Exercise objective
Word for word, write the records out again, but omit each picture.

** Exercise material follows **

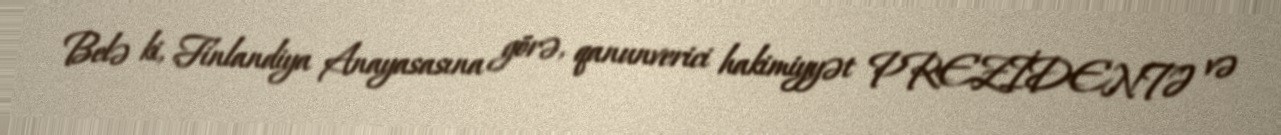
Belə ki, Finlandiya Anayasasına görə, qanunverici hakimiyyət PREZİDENTƏ və
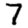
Digit: 7
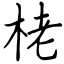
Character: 栳
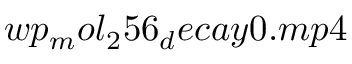
w p _ { m } o l _ { 2 } 5 6 _ { d } e c a y 0 . m p 4
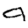
Digit: 9
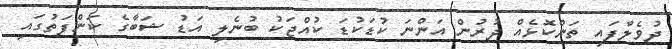
ދުވެލާފައި ތަންކޮޅެއް ދުރުން އަންނަ ކުޑަކުޑަ ކުއްޖަކު ބުނެލި އަޑު ޝަބާގެ ކަންފަތުގައި
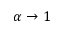
\protect \alpha \rightarrow 1
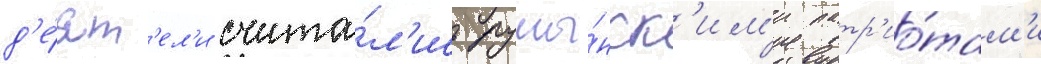
д'е́ят'ел'и счита́л'ись румы́нск'им'и патр'ио́там'и
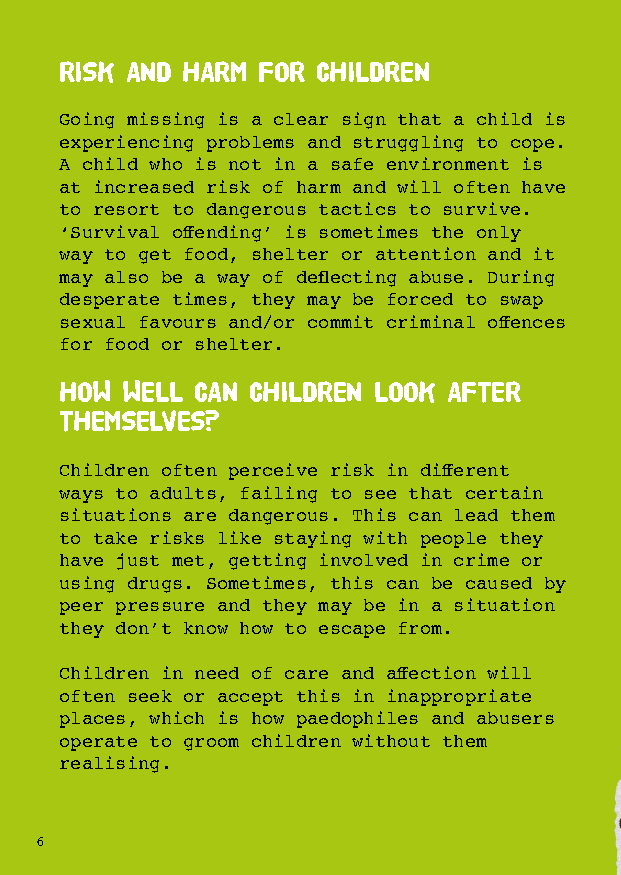
RISK AND HARM FOR CHILDREN
 Going missing is a clear sign that a child is
 experiencing problems and struggling to cope.
 A child who is not in a safe environment is
 at increased risk of harm and will often have
 to resort to dangerous tactics to survive.
 ‘Survival offending’ is sometimes the only
 way to get food, shelter or attention and it
 may also be a way of deflecting abuse. During
 desperate times, they may be forced to swap
 sexual favours and/or commit criminal offences
 for food or shelter.
 HOW WELL CAN CHILDREN LOOK AFTER
 THEMSELVES?
 Children often perceive risk in different
 ways to adults, failing to see that certain
 situations are dangerous. This can lead them
 to take risks like staying with people they
 have just met, getting involved in crime or
 using drugs. Sometimes, this can be caused by
 peer pressure and they may be in a situation
 they don’t know how to escape from.
 Children in need of care and affection will
 often seek or accept this in inappropriate
 places, which is how paedophiles and abusers
 operate to groom children without them
 realising.
 6

** End of Exercise material **

Final answer
Belə ki, Finlandiya Anayasasına görə, qanunverici hakimiyyət PREZİDENTƏ və
Digit: 7
Character: 栳
w p _ { m } o l _ { 2 } 5 6 _ { d } e c a y 0 . m p 4
Digit: 9
ދުވެލާފައި ތަންކޮޅެއް ދުރުން އަންނަ ކުޑަކުޑަ ކުއްޖަކު ބުނެލި އަޑު ޝަބާގެ ކަންފަތުގައި
\protect \alpha \rightarrow 1
д'е́ят'ел'и счита́л'ись румы́нск'им'и патр'ио́там'и
RISK AND HARM FOR CHILDREN
 Going missing is a clear sign that a child is
 experiencing problems and struggling to cope.
 A child who is not in a safe environment is
 at increased risk of harm and will often have
 to resort to dangerous tactics to survive.
 ‘Survival offending’ is sometimes the only
 way to get food, shelter or attention and it
 may also be a way of deflecting abuse. During
 desperate times, they may be forced to swap
 sexual favours and/or commit criminal offences
 for food or shelter.
 HOW WELL CAN CHILDREN LOOK AFTER
 THEMSELVES?
 Children often perceive risk in different
 ways to adults, failing to see that certain
 situations are dangerous. This can lead them
 to take risks like staying with people they
 have just met, getting involved in crime or
 using drugs. Sometimes, this can be caused by
 peer pressure and they may be in a situation
 they don’t know how to escape from.
 Children in need of care and affection will
 often seek or accept this in inappropriate
 places, which is how paedophiles and abusers
 operate to groom children without them
 realising.
 6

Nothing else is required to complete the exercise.